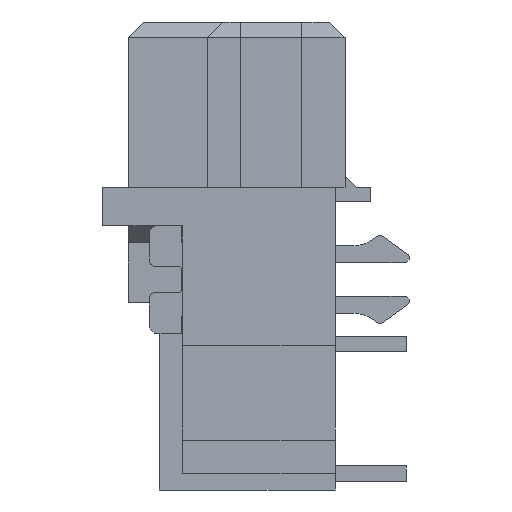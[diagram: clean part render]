
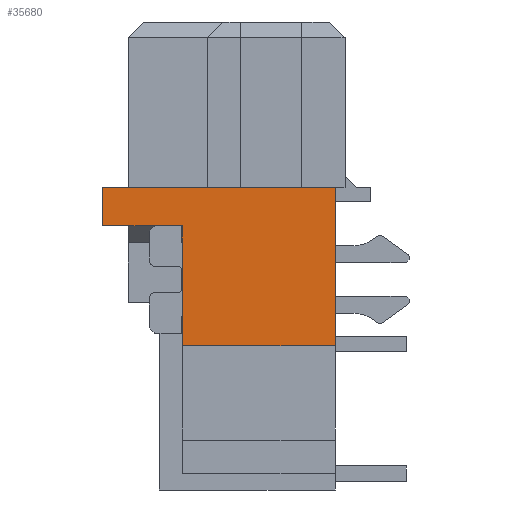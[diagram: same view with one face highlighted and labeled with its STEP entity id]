
A CAD part, left-side view. The second image highlights one B-rep face of the part: STEP entity #35680.
In plain terms, the highlighted planar face has unit normal (-1, 0, 0).
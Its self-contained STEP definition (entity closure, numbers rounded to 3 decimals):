
#9653=DIRECTION('',(0.,-1.,0.));
#9654=VECTOR('',#9653,3.125);
#9655=CARTESIAN_POINT('',(-46.99,5.25,-8.));
#9656=LINE('',#9655,#9654);
#11069=DIRECTION('',(0.,0.,1.));
#11070=VECTOR('',#11069,4.7);
#11071=CARTESIAN_POINT('',(-46.99,2.125,-12.7));
#11072=LINE('',#11071,#11070);
#11073=DIRECTION('',(0.,0.,1.));
#11074=VECTOR('',#11073,1.5);
#11075=CARTESIAN_POINT('',(-46.99,5.25,-8.));
#11076=LINE('',#11075,#11074);
#11077=DIRECTION('',(0.,-1.,0.));
#11078=VECTOR('',#11077,9.125);
#11079=CARTESIAN_POINT('',(-46.99,5.25,-6.5));
#11080=LINE('',#11079,#11078);
#11081=DIRECTION('',(0.,0.,-1.));
#11082=VECTOR('',#11081,6.2);
#11083=CARTESIAN_POINT('',(-46.99,-3.875,-6.5));
#11084=LINE('',#11083,#11082);
#11085=DIRECTION('',(0.,-1.,0.));
#11086=VECTOR('',#11085,6.);
#11087=CARTESIAN_POINT('',(-46.99,2.125,-12.7));
#11088=LINE('',#11087,#11086);
#16086=CARTESIAN_POINT('',(-46.99,5.25,-8.));
#16087=CARTESIAN_POINT('',(-46.99,5.25,-6.5));
#16088=VERTEX_POINT('',#16086);
#16089=VERTEX_POINT('',#16087);
#16090=CARTESIAN_POINT('',(-46.99,-3.875,-6.5));
#16091=VERTEX_POINT('',#16090);
#16158=CARTESIAN_POINT('',(-46.99,2.125,-12.7));
#16159=CARTESIAN_POINT('',(-46.99,2.125,-8.));
#16160=VERTEX_POINT('',#16158);
#16161=VERTEX_POINT('',#16159);
#17034=CARTESIAN_POINT('',(-46.99,-3.875,-12.7));
#17035=VERTEX_POINT('',#17034);
#35666=CARTESIAN_POINT('',(-46.99,0.,0.));
#35667=DIRECTION('',(1.,0.,0.));
#35668=DIRECTION('',(0.,-1.,0.));
#35669=AXIS2_PLACEMENT_3D('',#35666,#35667,#35668);
#35670=PLANE('',#35669);
#35671=ORIENTED_EDGE('',*,*,#33432,.T.);
#35672=ORIENTED_EDGE('',*,*,#33563,.F.);
#35673=ORIENTED_EDGE('',*,*,#33604,.T.);
#35674=ORIENTED_EDGE('',*,*,#31995,.T.);
#35675=ORIENTED_EDGE('',*,*,#32532,.T.);
#35677=ORIENTED_EDGE('',*,*,#35676,.F.);
#35678=EDGE_LOOP('',(#35671,#35672,#35673,#35674,#35675,#35677));
#35679=FACE_OUTER_BOUND('',#35678,.F.);
#35680=ADVANCED_FACE('',(#35679),#35670,.F.);
#31995=EDGE_CURVE('',#16089,#16091,#11080,.T.);
#32532=EDGE_CURVE('',#16091,#17035,#11084,.T.);
#33432=EDGE_CURVE('',#16160,#16161,#11072,.T.);
#33563=EDGE_CURVE('',#16088,#16161,#9656,.T.);
#33604=EDGE_CURVE('',#16088,#16089,#11076,.T.);
#35676=EDGE_CURVE('',#16160,#17035,#11088,.T.);

========================

Task statement =>
Copy down every line of the entries containing the word "VECTOR".

Answer to this exercise =>
#9654=VECTOR('',#9653,3.125);
#11070=VECTOR('',#11069,4.7);
#11074=VECTOR('',#11073,1.5);
#11078=VECTOR('',#11077,9.125);
#11082=VECTOR('',#11081,6.2);
#11086=VECTOR('',#11085,6.);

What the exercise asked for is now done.